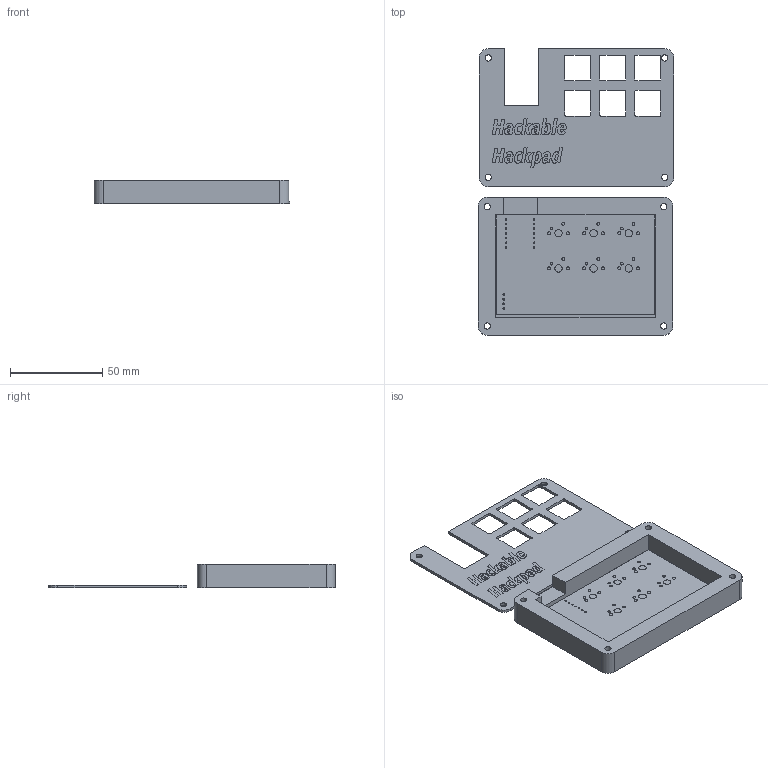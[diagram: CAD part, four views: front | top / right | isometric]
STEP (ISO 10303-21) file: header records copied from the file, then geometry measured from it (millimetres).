
FILE_DESCRIPTION(/* description */ (''),/* implementation_level */ '2;1');
FILE_NAME(/* name */ 'StanleyHackableHackpadFinish.step',/* time_stamp */ '2025-11-24T07:30:59-08:00',/* author */ (''),/* organization */ (''),/* preprocessor_version */ 'ST-DEVELOPER v20.1',/* originating_system */ 'Autodesk Translation Framework v14.21.0.0',/* authorisation */ '');
FILE_SCHEMA (('AUTOMOTIVE_DESIGN { 1 0 10303 214 3 1 1 }'));
Length unit declared in the file: millimetre
Products named in the file (5): 2025-11-23-15-16-37-625; 2025-11-23-15-19-51-541; 2025-11-23-16-17-25-378; Hackpad_New 1; Hackpad_New_PCB
Assembly tree (3 placements, depth 3):
  2025-11-23-15-16-37-625
    2025-11-23-16-17-25-378
    Hackpad_New 1
      Hackpad_New_PCB
  2025-11-23-15-19-51-541
Bounding box: 106.29 x 155.43 x 13 mm (x, y, z)
Volume: 68488.1 mm3; surface area: 47026 mm2
Topology: 3 solids, 3 shells, 566 faces, 1599 edges, 1066 vertices
Faces by surface type: bspline 279, plane 195, cylinder 92
Full cylindrical faces by diameter (mm): 0.889 x14, 1 x4, 1.5 x12, 1.7 x12, 3.4 x8, 4 x6, 6 x4
Entity records: 21827 total; most frequent: CARTESIAN_POINT 8529, ORIENTED_EDGE 3198, DIRECTION 1813, EDGE_CURVE 1599, VERTEX_POINT 1066, LINE 853, VECTOR 853, EDGE_LOOP 717
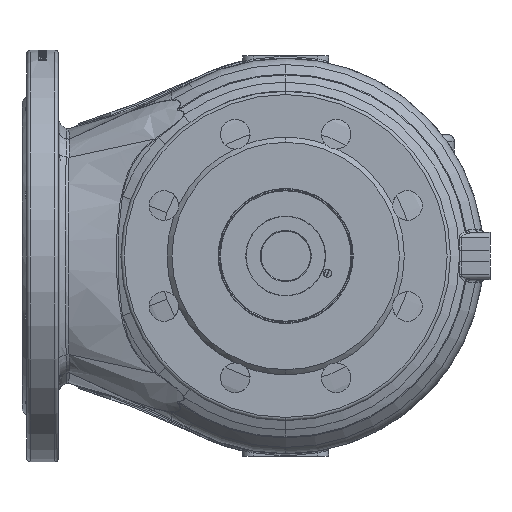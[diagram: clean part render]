
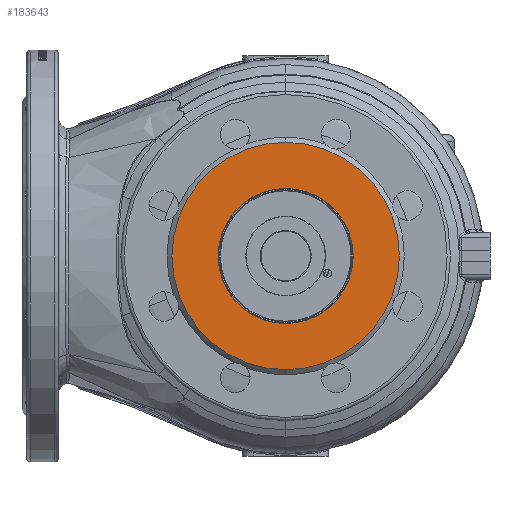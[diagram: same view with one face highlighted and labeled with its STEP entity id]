
A CAD part, front view. The second image highlights one B-rep face of the part: STEP entity #183643.
In plain terms, the highlighted planar face has unit normal (0, -1, 0).
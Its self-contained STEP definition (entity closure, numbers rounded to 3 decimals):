
#2794 = DIRECTION ( 'NONE',  ( 0., -1., 0. ) ) ;
#14735 = CARTESIAN_POINT ( 'NONE',  ( 0., -195., 41. ) ) ;
#20561 = CARTESIAN_POINT ( 'NONE',  ( 0., -195., 0. ) ) ;
#20855 = ORIENTED_EDGE ( 'NONE', *, *, #114532, .F. ) ;
#25461 = DIRECTION ( 'NONE',  ( 0., 1., 0. ) ) ;
#42638 = CARTESIAN_POINT ( 'NONE',  ( 0., -195., 69. ) ) ;
#50625 = CIRCLE ( 'NONE', #152933, 69. ) ;
#53122 = CIRCLE ( 'NONE', #185806, 41. ) ;
#57357 = DIRECTION ( 'NONE',  ( 0., 0., -1. ) ) ;
#74361 = CARTESIAN_POINT ( 'NONE',  ( 0., -195., -69. ) ) ;
#82359 = DIRECTION ( 'NONE',  ( 0., 0., 1. ) ) ;
#94579 = DIRECTION ( 'NONE',  ( 0., 0., 1. ) ) ;
#100186 = VERTEX_POINT ( 'NONE', #74361 ) ;
#100238 = CARTESIAN_POINT ( 'NONE',  ( 0., -195., 0. ) ) ;
#110107 = DIRECTION ( 'NONE',  ( 0., 1., 0. ) ) ;
#114532 = EDGE_CURVE ( 'NONE', #139209, #100186, #50625, .T. ) ;
#114771 = ORIENTED_EDGE ( 'NONE', *, *, #124788, .T. ) ;
#120402 = DIRECTION ( 'NONE',  ( 0., 1., 0. ) ) ;
#124788 = EDGE_CURVE ( 'NONE', #184979, #171708, #53122, .T. ) ;
#125491 = CIRCLE ( 'NONE', #132959, 69. ) ;
#132959 = AXIS2_PLACEMENT_3D ( 'NONE', #100238, #25461, #82359 ) ;
#134593 = DIRECTION ( 'NONE',  ( 0., 1., 0. ) ) ;
#135079 = ORIENTED_EDGE ( 'NONE', *, *, #212388, .T. ) ;
#139209 = VERTEX_POINT ( 'NONE', #42638 ) ;
#151831 = CARTESIAN_POINT ( 'NONE',  ( 0., -195., -41. ) ) ;
#152933 = AXIS2_PLACEMENT_3D ( 'NONE', #203721, #110107, #94579 ) ;
#154325 = EDGE_LOOP ( 'NONE', ( #135079, #114771 ) ) ;
#157197 = CARTESIAN_POINT ( 'NONE',  ( 0., -195., 0. ) ) ;
#161052 = ORIENTED_EDGE ( 'NONE', *, *, #186356, .F. ) ;
#164011 = AXIS2_PLACEMENT_3D ( 'NONE', #20561, #2794, #57357 ) ;
#166636 = DIRECTION ( 'NONE',  ( 0., 0., 1. ) ) ;
#171708 = VERTEX_POINT ( 'NONE', #14735 ) ;
#183643 = ADVANCED_FACE ( 'NONE', ( #187915, #204485 ), #221110, .T. ) ;
#184979 = VERTEX_POINT ( 'NONE', #151831 ) ;
#185806 = AXIS2_PLACEMENT_3D ( 'NONE', #187994, #134593, #166636 ) ;
#186356 = EDGE_CURVE ( 'NONE', #100186, #139209, #125491, .T. ) ;
#187915 = FACE_BOUND ( 'NONE', #154325, .T. ) ;
#187994 = CARTESIAN_POINT ( 'NONE',  ( 0., -195., 0. ) ) ;
#191572 = DIRECTION ( 'NONE',  ( 0., 0., 1. ) ) ;
#203721 = CARTESIAN_POINT ( 'NONE',  ( 0., -195., 0. ) ) ;
#204056 = AXIS2_PLACEMENT_3D ( 'NONE', #157197, #120402, #191572 ) ;
#204485 = FACE_OUTER_BOUND ( 'NONE', #215647, .T. ) ;
#212388 = EDGE_CURVE ( 'NONE', #171708, #184979, #215443, .T. ) ;
#215443 = CIRCLE ( 'NONE', #204056, 41. ) ;
#215647 = EDGE_LOOP ( 'NONE', ( #20855, #161052 ) ) ;
#221110 = PLANE ( 'NONE',  #164011 ) ;

Task item — Look above for the line with "#152933 = AXIS2_PLACEMENT_3D" and the line with "#171708 = VERTEX_POINT ( 'NONE', #14735 ) ;". Write out those two lines and all the lines between them, exactly, and no others.

Problem solution —
#152933 = AXIS2_PLACEMENT_3D ( 'NONE', #203721, #110107, #94579 ) ;
#154325 = EDGE_LOOP ( 'NONE', ( #135079, #114771 ) ) ;
#157197 = CARTESIAN_POINT ( 'NONE',  ( 0., -195., 0. ) ) ;
#161052 = ORIENTED_EDGE ( 'NONE', *, *, #186356, .F. ) ;
#164011 = AXIS2_PLACEMENT_3D ( 'NONE', #20561, #2794, #57357 ) ;
#166636 = DIRECTION ( 'NONE',  ( 0., 0., 1. ) ) ;
#171708 = VERTEX_POINT ( 'NONE', #14735 ) ;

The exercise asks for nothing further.